What the task asks >>
Please output the listing that follows exactly, but keep all images out.

(Beginning of Material for this exercise)

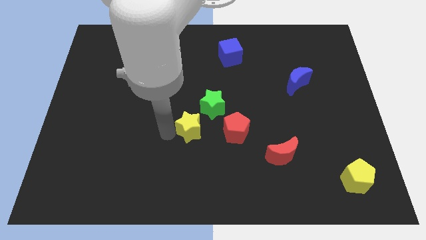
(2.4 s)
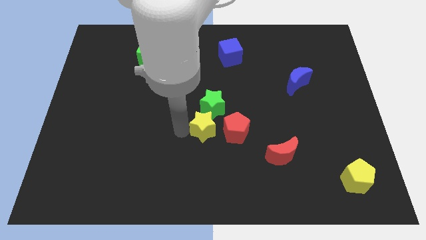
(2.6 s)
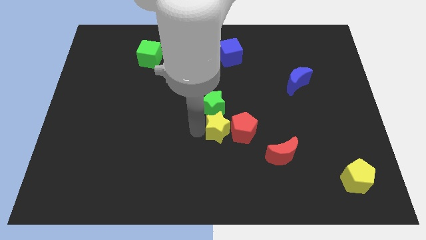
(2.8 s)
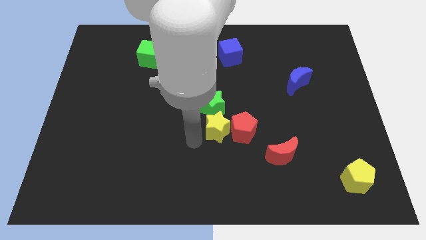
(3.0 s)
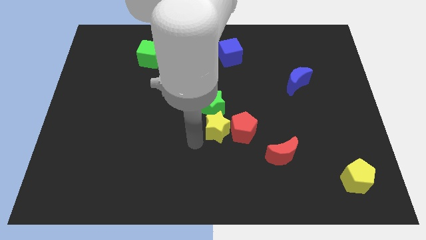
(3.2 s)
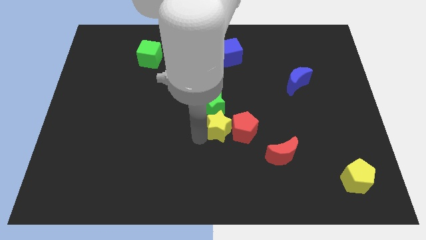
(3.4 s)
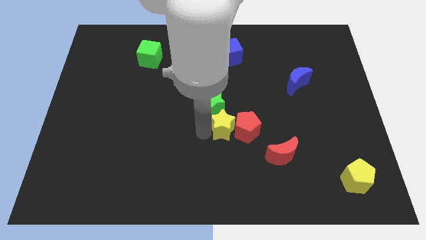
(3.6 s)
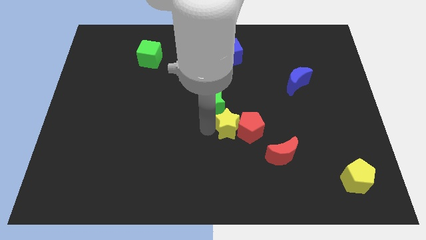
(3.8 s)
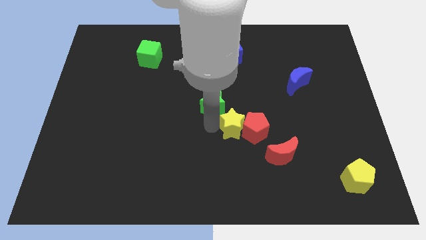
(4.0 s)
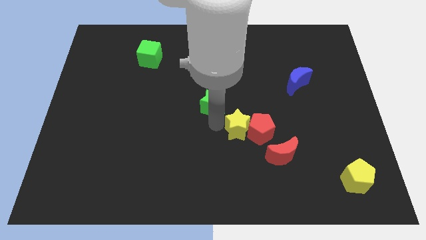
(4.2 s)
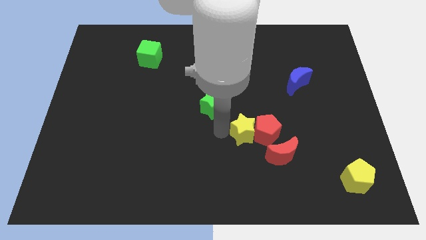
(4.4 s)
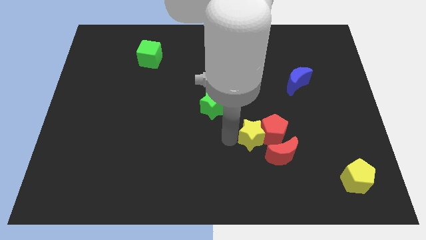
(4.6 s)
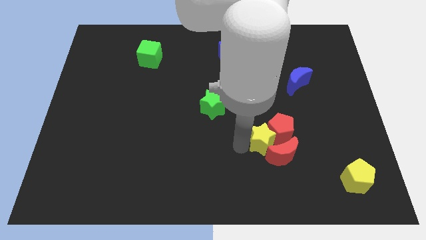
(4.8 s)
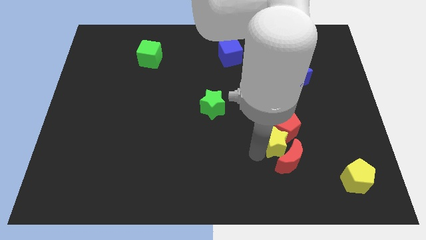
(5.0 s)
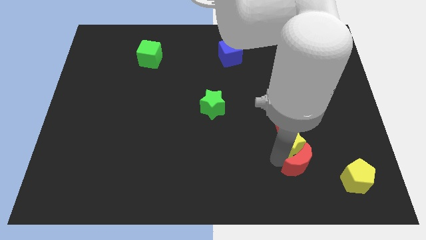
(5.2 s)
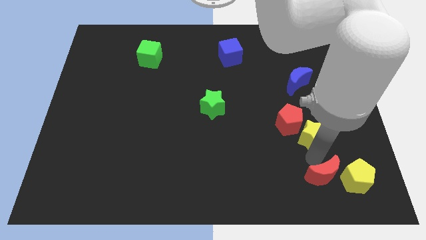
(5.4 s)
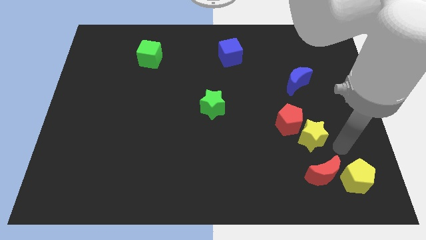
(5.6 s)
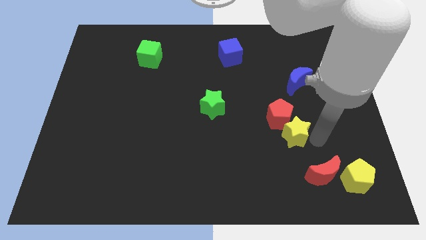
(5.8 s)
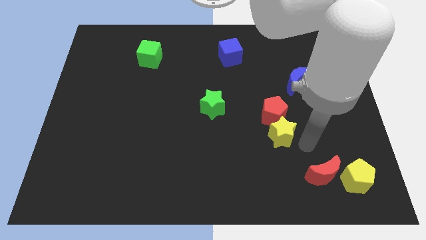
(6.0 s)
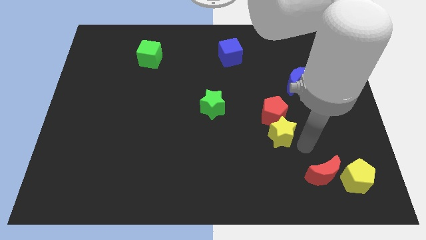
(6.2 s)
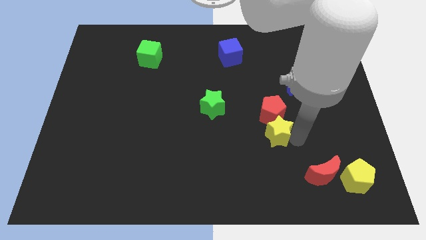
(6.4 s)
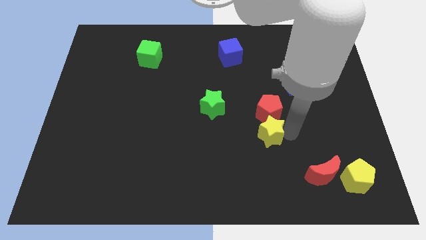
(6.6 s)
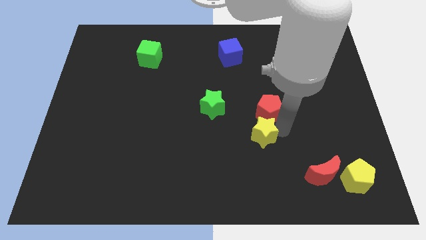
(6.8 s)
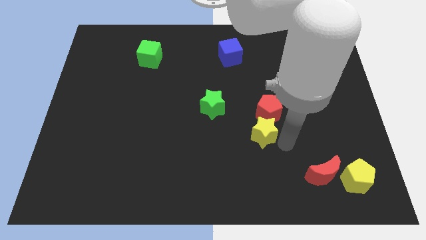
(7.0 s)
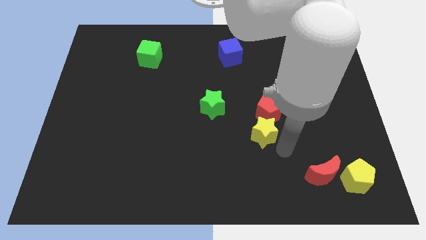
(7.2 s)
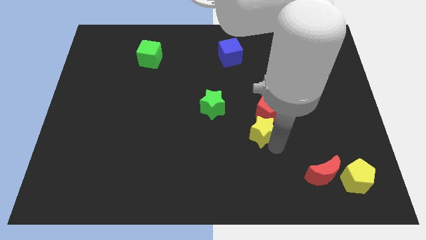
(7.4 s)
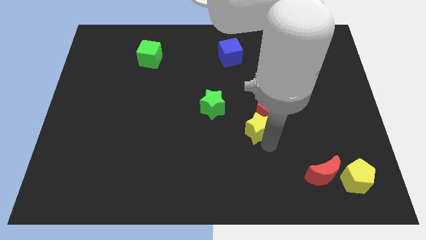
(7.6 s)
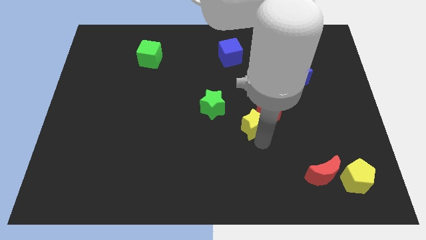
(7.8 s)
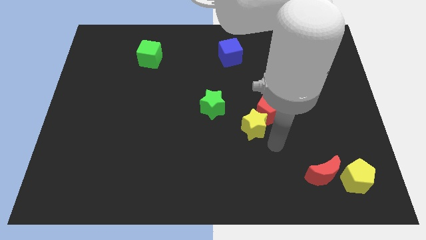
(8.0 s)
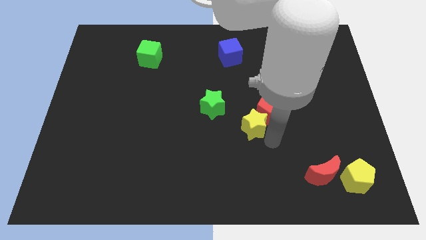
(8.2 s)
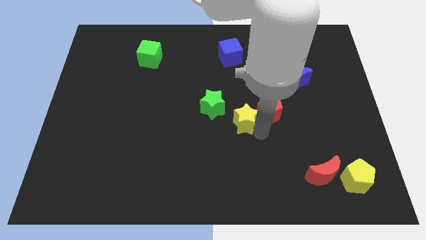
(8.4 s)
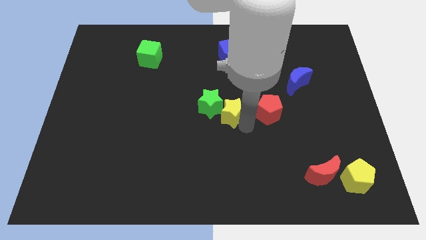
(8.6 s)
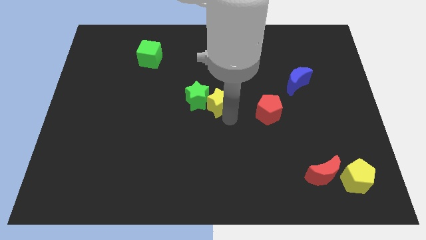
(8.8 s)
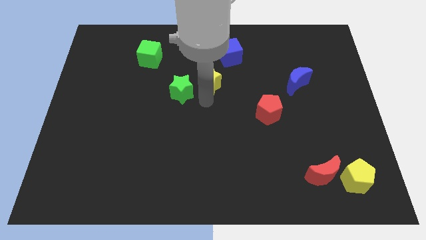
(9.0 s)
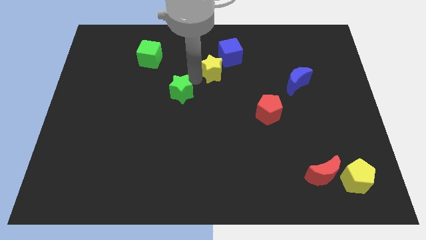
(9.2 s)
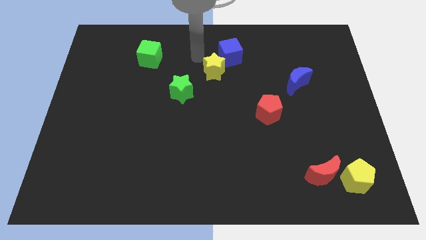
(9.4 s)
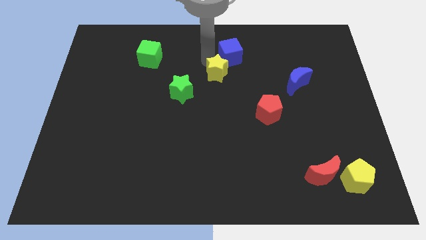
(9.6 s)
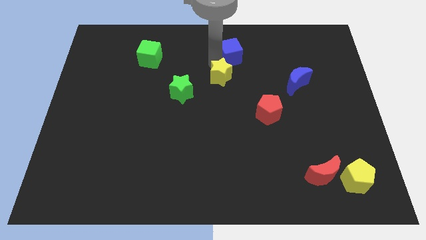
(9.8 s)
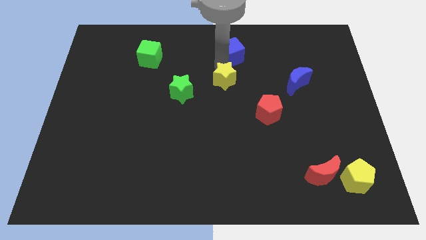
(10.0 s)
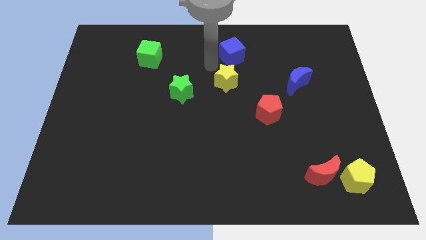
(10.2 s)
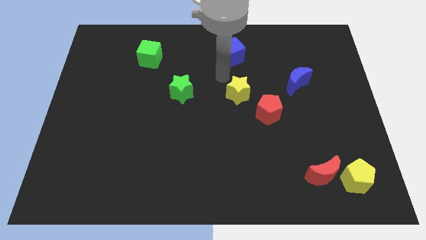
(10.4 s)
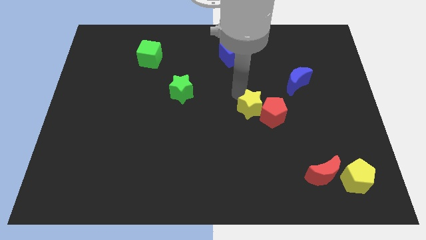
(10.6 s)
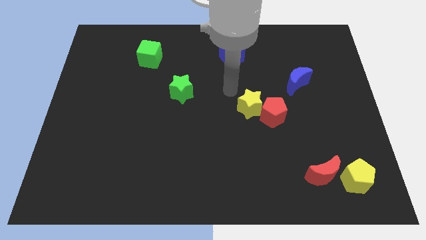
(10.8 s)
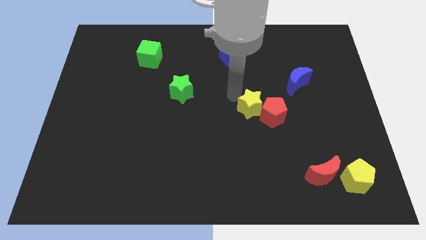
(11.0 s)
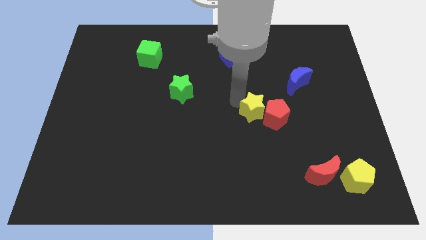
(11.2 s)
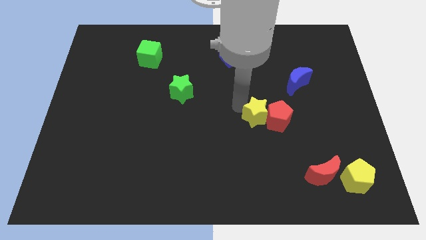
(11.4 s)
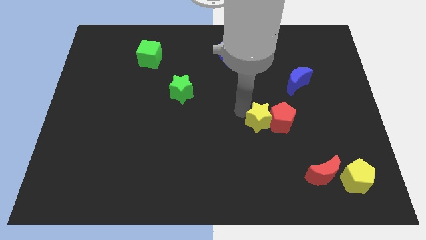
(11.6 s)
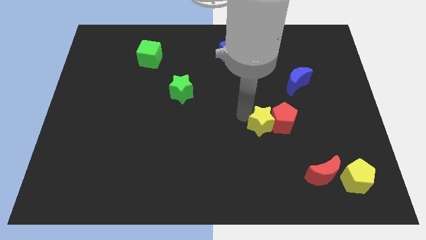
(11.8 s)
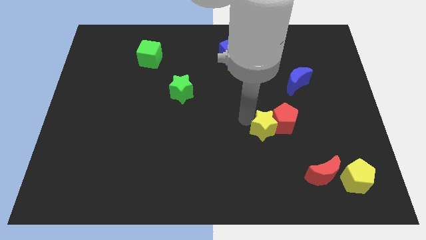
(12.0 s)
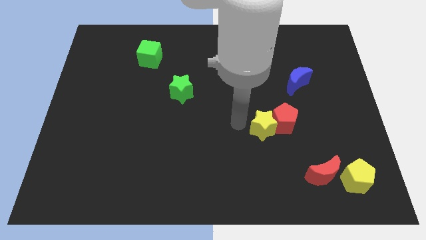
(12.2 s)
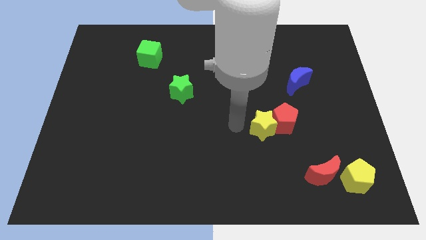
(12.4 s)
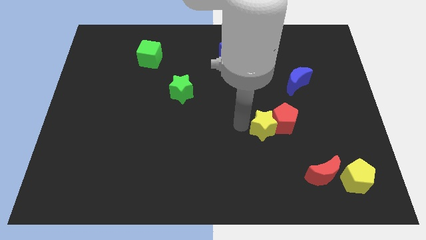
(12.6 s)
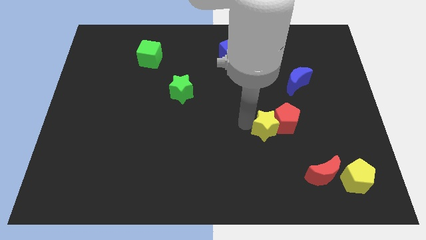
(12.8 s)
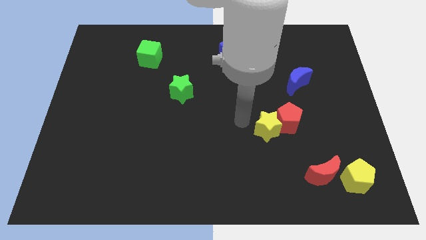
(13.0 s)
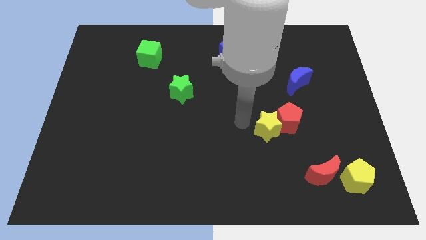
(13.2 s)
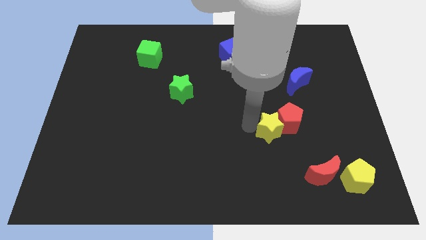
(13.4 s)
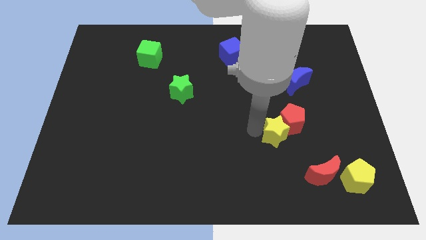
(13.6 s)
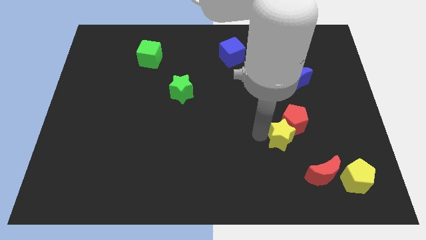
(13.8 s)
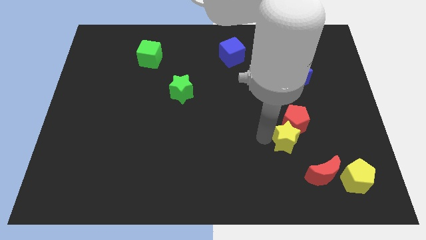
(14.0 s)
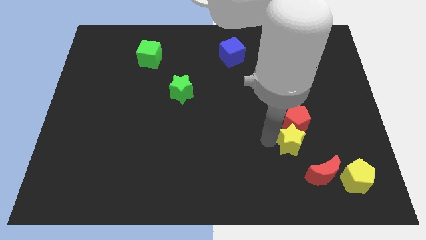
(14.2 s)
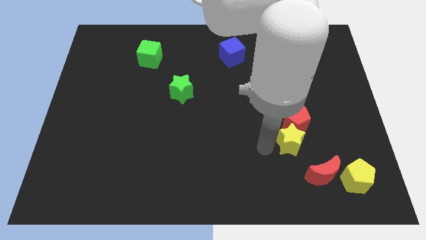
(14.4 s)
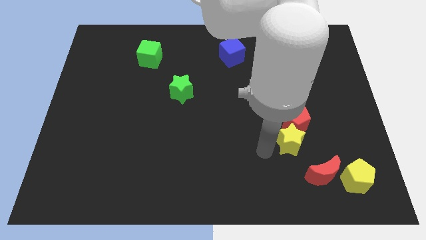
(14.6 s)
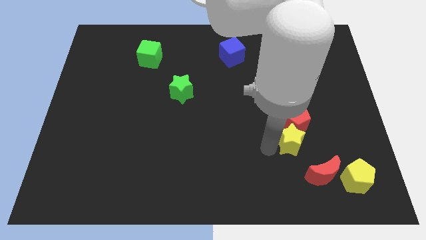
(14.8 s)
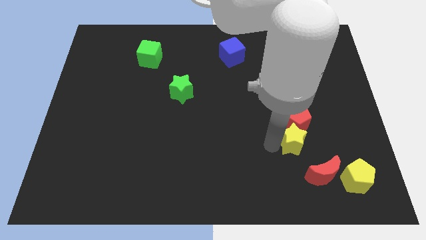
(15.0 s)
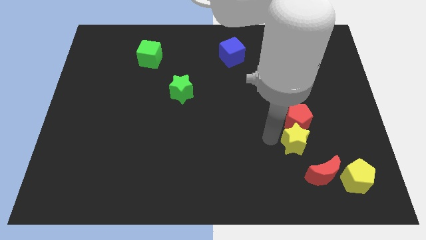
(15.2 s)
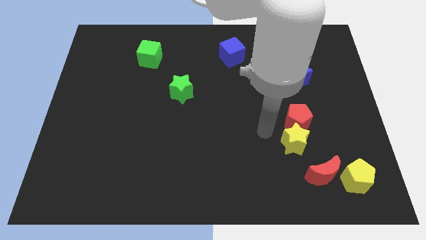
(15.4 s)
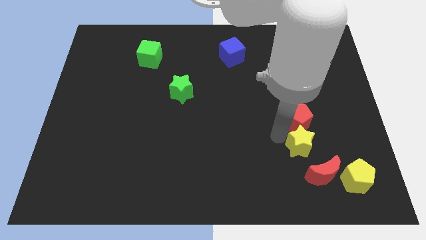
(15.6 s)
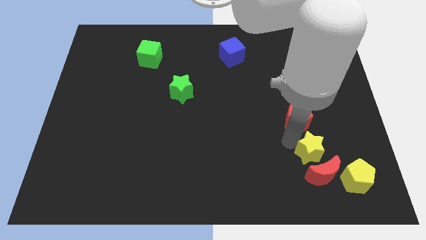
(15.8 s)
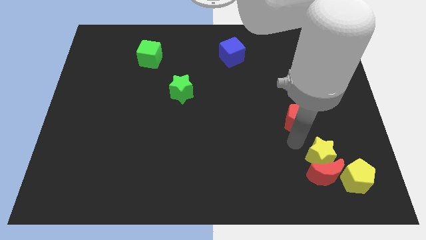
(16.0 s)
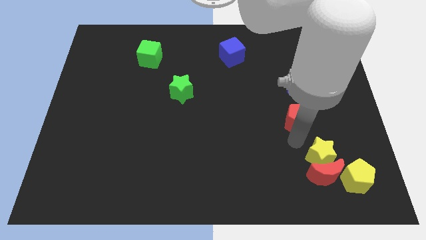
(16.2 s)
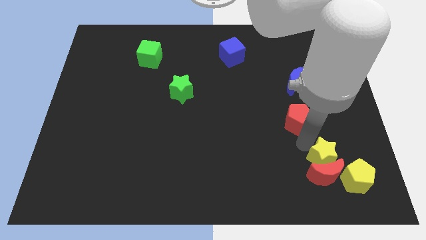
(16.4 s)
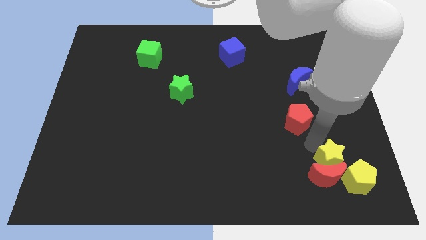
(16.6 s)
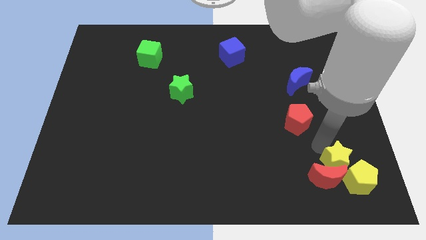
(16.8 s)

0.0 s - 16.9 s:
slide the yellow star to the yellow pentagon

(End of Material for this exercise)

Response >>
(2.4 s)
(2.6 s)
(2.8 s)
(3.0 s)
(3.2 s)
(3.4 s)
(3.6 s)
(3.8 s)
(4.0 s)
(4.2 s)
(4.4 s)
(4.6 s)
(4.8 s)
(5.0 s)
(5.2 s)
(5.4 s)
(5.6 s)
(5.8 s)
(6.0 s)
(6.2 s)
(6.4 s)
(6.6 s)
(6.8 s)
(7.0 s)
(7.2 s)
(7.4 s)
(7.6 s)
(7.8 s)
(8.0 s)
(8.2 s)
(8.4 s)
(8.6 s)
(8.8 s)
(9.0 s)
(9.2 s)
(9.4 s)
(9.6 s)
(9.8 s)
(10.0 s)
(10.2 s)
(10.4 s)
(10.6 s)
(10.8 s)
(11.0 s)
(11.2 s)
(11.4 s)
(11.6 s)
(11.8 s)
(12.0 s)
(12.2 s)
(12.4 s)
(12.6 s)
(12.8 s)
(13.0 s)
(13.2 s)
(13.4 s)
(13.6 s)
(13.8 s)
(14.0 s)
(14.2 s)
(14.4 s)
(14.6 s)
(14.8 s)
(15.0 s)
(15.2 s)
(15.4 s)
(15.6 s)
(15.8 s)
(16.0 s)
(16.2 s)
(16.4 s)
(16.6 s)
(16.8 s)

0.0 s - 16.9 s:
slide the yellow star to the yellow pentagon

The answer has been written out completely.